● Your objective
Which lines of the entries below hold the word "text"? Report each of them.

Collected data entries:
════════
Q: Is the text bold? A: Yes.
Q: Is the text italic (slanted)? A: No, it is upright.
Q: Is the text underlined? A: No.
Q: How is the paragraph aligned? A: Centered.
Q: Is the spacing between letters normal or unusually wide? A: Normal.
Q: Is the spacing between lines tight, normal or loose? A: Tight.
════════
● Expected answer
Q: Is the text bold? A: Yes.
Q: Is the text italic (slanted)? A: No, it is upright.
Q: Is the text underlined? A: No.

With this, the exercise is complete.